WHAT IS REQUIRED
Gather each line of the entries below that includes "need".

(Data records)
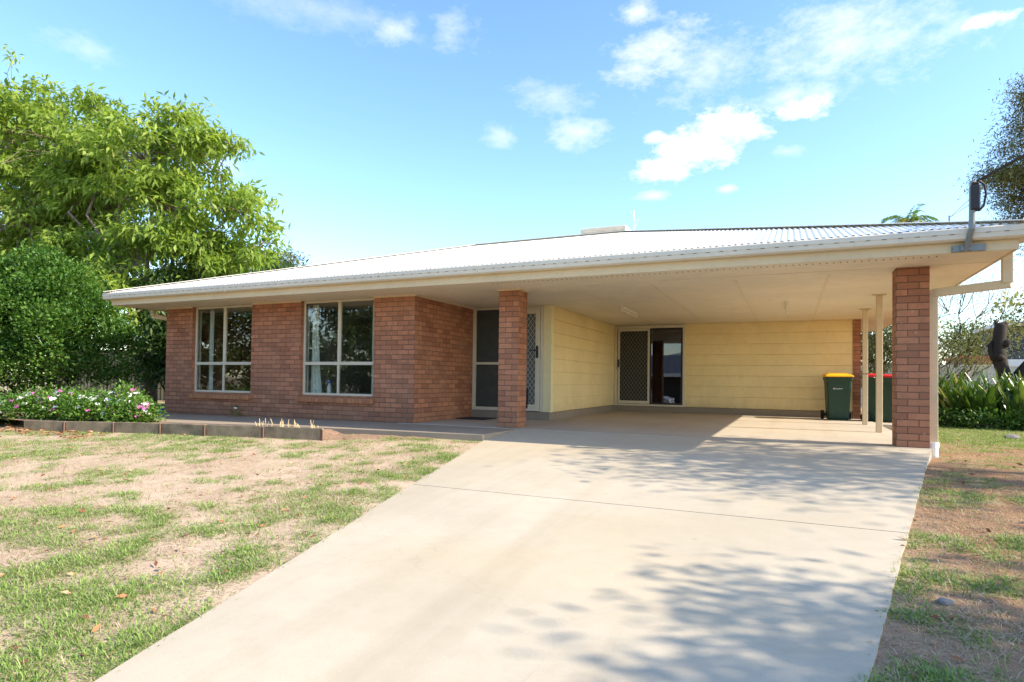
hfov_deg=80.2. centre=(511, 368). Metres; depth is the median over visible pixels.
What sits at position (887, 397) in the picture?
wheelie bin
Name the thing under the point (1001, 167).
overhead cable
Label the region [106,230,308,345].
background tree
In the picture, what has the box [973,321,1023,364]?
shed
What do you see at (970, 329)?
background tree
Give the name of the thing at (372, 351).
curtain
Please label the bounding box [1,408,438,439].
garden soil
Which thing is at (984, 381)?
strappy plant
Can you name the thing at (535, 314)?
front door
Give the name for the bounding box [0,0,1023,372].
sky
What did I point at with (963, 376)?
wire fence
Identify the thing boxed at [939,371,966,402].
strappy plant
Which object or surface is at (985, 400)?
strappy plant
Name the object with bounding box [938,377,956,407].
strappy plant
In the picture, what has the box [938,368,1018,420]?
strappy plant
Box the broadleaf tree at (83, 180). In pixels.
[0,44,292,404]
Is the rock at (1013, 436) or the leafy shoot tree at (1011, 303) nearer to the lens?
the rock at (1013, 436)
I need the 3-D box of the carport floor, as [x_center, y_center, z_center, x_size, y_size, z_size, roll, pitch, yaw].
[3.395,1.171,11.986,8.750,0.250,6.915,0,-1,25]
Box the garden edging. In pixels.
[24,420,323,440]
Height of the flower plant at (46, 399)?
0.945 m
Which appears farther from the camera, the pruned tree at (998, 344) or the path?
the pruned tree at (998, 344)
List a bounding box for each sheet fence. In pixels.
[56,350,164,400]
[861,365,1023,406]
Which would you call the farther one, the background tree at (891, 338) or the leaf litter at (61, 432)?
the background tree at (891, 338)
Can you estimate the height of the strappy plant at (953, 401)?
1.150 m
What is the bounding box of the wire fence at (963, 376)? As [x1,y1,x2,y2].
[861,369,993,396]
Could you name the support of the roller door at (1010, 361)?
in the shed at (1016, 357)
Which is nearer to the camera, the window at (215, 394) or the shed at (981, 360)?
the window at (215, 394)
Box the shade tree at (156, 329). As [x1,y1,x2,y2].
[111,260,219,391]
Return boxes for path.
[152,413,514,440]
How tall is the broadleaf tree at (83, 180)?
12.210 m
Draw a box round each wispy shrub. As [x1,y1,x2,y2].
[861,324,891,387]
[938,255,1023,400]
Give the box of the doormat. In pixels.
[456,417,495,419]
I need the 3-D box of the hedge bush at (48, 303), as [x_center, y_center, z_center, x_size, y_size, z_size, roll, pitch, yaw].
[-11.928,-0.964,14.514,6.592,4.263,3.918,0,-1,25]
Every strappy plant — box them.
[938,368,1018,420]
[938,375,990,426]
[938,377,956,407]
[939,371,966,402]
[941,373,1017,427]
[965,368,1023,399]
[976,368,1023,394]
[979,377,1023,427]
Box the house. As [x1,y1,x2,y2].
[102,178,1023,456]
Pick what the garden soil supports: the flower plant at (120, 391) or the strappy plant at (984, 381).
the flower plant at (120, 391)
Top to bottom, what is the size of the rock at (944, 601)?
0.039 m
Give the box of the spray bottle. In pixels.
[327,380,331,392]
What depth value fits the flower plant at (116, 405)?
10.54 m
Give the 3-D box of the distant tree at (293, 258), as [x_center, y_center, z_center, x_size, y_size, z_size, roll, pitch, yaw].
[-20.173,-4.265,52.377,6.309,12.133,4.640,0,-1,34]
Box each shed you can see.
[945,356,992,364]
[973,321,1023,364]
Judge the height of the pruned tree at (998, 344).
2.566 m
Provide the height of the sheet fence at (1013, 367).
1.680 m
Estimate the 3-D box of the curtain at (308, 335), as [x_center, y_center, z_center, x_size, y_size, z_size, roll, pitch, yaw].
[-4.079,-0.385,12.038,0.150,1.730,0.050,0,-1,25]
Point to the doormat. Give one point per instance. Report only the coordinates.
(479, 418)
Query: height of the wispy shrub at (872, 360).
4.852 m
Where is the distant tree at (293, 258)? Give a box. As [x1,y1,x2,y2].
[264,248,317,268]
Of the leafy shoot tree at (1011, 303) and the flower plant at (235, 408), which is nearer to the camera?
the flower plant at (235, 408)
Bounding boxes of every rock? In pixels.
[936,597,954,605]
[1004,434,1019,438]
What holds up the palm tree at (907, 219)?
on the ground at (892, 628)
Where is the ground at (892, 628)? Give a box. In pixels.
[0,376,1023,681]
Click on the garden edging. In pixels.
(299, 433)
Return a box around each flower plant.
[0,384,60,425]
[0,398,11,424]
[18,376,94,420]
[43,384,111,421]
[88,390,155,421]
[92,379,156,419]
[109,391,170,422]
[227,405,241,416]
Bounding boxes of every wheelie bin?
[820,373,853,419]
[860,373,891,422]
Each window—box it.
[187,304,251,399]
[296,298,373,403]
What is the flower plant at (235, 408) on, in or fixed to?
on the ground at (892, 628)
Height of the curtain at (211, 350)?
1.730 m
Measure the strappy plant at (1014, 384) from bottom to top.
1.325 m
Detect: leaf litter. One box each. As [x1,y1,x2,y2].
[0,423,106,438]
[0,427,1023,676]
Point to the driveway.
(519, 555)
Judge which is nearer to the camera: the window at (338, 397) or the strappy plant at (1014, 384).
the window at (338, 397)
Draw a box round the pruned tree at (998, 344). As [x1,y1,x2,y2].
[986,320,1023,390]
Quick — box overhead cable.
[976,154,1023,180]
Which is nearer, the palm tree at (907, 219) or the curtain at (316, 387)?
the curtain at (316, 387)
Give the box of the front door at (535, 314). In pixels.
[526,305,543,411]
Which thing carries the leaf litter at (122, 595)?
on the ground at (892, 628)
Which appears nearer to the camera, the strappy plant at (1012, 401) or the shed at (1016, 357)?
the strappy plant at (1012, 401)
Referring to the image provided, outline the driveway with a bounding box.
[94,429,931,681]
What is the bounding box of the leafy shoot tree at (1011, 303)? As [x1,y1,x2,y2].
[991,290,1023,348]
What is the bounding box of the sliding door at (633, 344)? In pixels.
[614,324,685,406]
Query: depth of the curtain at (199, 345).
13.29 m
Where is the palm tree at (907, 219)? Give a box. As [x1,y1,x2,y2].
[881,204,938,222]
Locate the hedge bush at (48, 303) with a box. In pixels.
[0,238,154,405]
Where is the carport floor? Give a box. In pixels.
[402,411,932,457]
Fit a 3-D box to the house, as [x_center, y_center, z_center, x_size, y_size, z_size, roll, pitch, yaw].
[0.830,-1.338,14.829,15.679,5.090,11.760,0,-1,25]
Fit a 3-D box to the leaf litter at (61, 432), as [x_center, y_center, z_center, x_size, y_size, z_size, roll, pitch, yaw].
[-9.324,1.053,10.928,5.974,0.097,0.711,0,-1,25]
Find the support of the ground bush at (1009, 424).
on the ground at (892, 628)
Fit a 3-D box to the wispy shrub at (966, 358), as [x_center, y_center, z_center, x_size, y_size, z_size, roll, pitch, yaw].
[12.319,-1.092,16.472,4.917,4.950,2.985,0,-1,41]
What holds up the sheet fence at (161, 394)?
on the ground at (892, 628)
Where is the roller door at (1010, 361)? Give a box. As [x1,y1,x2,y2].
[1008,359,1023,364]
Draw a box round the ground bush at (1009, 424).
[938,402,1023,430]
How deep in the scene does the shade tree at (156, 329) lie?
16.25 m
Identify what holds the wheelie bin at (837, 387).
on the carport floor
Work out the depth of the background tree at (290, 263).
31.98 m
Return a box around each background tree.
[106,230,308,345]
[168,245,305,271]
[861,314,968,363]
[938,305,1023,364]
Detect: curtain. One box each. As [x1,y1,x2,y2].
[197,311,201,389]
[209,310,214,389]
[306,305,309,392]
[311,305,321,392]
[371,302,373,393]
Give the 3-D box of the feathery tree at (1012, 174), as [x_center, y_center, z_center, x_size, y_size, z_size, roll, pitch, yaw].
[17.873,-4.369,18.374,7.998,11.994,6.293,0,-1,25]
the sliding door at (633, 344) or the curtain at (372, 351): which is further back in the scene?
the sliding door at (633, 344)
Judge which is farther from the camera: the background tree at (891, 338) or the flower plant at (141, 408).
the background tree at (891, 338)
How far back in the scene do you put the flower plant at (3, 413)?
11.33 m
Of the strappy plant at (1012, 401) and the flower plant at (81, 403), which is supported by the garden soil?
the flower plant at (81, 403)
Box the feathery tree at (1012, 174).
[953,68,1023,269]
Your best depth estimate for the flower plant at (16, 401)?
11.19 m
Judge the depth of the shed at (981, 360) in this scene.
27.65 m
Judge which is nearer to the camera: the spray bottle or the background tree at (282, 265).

RESPONSE AREA
I need the 3-D box of the carport floor, as [x_center, y_center, z_center, x_size, y_size, z_size, roll, pitch, yaw].
I need the 3-D box of the hedge bush at (48, 303), as [x_center, y_center, z_center, x_size, y_size, z_size, roll, pitch, yaw].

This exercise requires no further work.